2002年(フランス/カナダ/イギリス)監督:デヴィッド・クローネンバーグ出演:レイフ・ファインズミランダ・リチャードソンガブリエル・バーン/ブラッドリー・ホールリン・レッドグレーヴ/ジョン・ネヴィル/ゲイリー・ライネック/フィリップ・クレイグ【ストーリー】ロンドンのとある駅に降り立った一人の男。彼デニスは精神療養施設を退院させられ、20年ぶりに故郷へ戻ってきた。デニスは、社会復帰ができるまでのあいだ患者を預かってくれるという古びた家へと向かう。ウィルキンソン夫人に迎えられ、さっそく部屋をあてがわれたデニスは鞄を開け、中から1冊のノートを取り出した。そして、何事か書き付け始める。少年時代、クモの話が大好きだったデニスは、母親から“スパイダー”と呼ばれていた。配管工の父はいつもパブに入り浸っていた。やがてその父はパブの娼婦イヴォンヌと不倫の関係になってしまう…。

プチプチ・サイコ祭り第一弾!サイコじゃなかった^^;『スパイダー/少年は蜘蛛にキスをする

■感想
この映画をサイコ祭りのトップに持って来たのは、実は失敗だったような。
というのは、サイコ=サイコパスと捉えるなら、この映画は厳密にはサイコスリラーに属さないからです。
実際今回あげたリストにも入ってません^^;
でもサイコスリラーを異常心理スリラーと広義にとれば問題ないかな。

サイコパスの定義は実はあいまいなところがあるようですが、まず「反社会性人格障害」の代名詞とも言われ、
社会的に有害か否かの判断を伴います。

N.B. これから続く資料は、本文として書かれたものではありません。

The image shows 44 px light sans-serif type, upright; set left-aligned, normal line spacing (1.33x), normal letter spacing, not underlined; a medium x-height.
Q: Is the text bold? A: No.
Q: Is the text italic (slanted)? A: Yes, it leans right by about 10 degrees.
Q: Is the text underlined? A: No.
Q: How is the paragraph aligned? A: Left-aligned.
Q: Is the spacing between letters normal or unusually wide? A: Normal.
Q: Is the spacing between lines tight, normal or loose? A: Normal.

そして学術的な精神障害者に属さないらしいのですが、本作の主人公はしっかりその精神障害者なのです(汗)。すみませんね~。のっけからこんな調子で^^;

それでもデヴィッド・クローネンバーグのスリラーということで、楽しみに鑑賞した本作。
主人公のデニスが少年時代の記憶をたどり、哀しい過去に対峙する戦慄のサスペンス・スリラーでした。

精神病院を退院後、故郷に戻り、社会復帰までの期間患者を預かってくれるという施設に赴く主人公デニス(レイフ・ファインズ)。

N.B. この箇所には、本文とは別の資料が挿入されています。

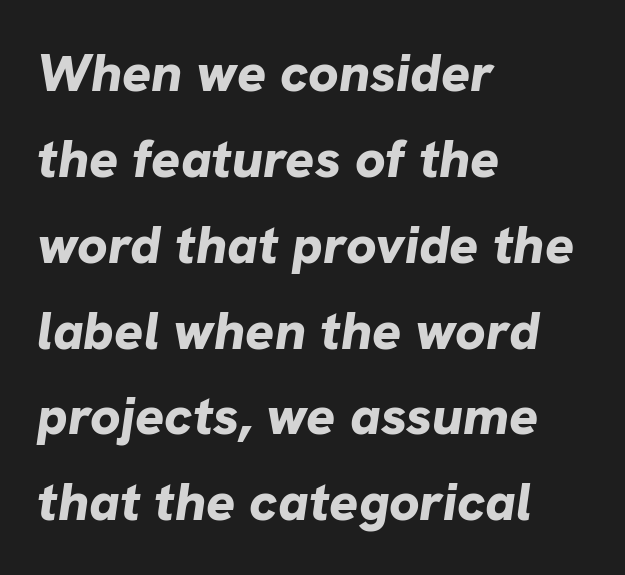
{"italic": "yes", "lean": "right", "slant_degrees": 8, "bold": "yes", "weight": "bold", "width": "normal", "stroke_contrast": "low", "x_height": "medium", "monospaced": "no", "underline": "no", "align": "left", "line_spacing": "normal", "line_spacing_ratio": 1.59, "letter_spacing": "normal", "letter_spacing_em": 0.0, "glyph_px": 54}
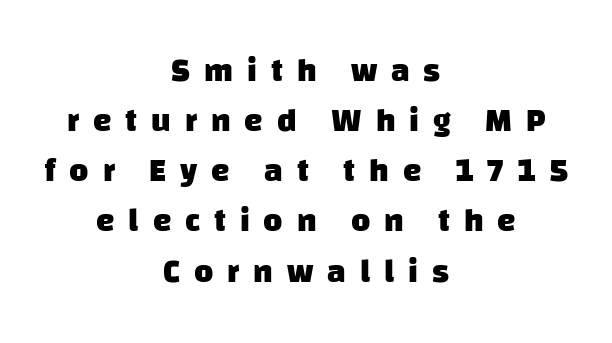
Q: Is the text bold? A: Yes.
Q: Is the typeface a serif or a sans-serif typeface? A: Sans-serif.
Q: Is the text underlined? A: No.
Q: How is the paragraph aligned? A: Centered.
Q: Is the spacing between letters normal or unusually wide? A: Unusually wide.
Q: Is the spacing between lines tight, normal or loose? A: Normal.
Q: Width (condensed, normal, or wide)? A: Normal.
Q: Stroke contrast? A: Low.
Q: x-height? A: Large.
Q: Monospaced? A: No.

物語りは施設に暮らすデニスと、彼の記憶の中の少年時代のシーンが交互に描かれるのですが、
奇妙なのは、少年時代のシーンの片隅に常に現在のデニスが佇み、一部始終を見つめていること!

いや~、斬新。
母親の死を悲しみ続ける主人公が、少年時代に遡り、記憶の中の真相に対峙するという作品なんですね。
少年のデニスは何を見たのか。

全てが明らかになったとき、そのあまりに哀しく、衝撃的な結末に胸が痛みました。

長い間心に闇を持ち続け、朽ち果てるように生きているデニス。
もしかしたら彼は何度もこの幻想を繰り返しながら生きているのか。
少年の自分から逃れる事はできないのかもしれない、、。そんな気がして不憫でした。
精神を病む事の哀しさ、その自分と対峙する事の厳しさを感じますね。


主人公を繊細に演じあげたレイフ・ファインズはお見事。
少年を演じた子役もちょっと似た感じでいいです。
父親役にガブリエル・バーン、母親にミランダ・リチャードソンなど、脇も渋い。


クローネンバーグは、異形なものをその視線から描き上げる事に長けた監督だと思うのですが、
本作は精神障害者の内面にスポットを当てているという点で、かなりのチャレンジだったのではないかな。
グロさは控えめですが、戦慄のラストに向け、デニスとともに真実を求め駆け抜けた。そんな作品でした。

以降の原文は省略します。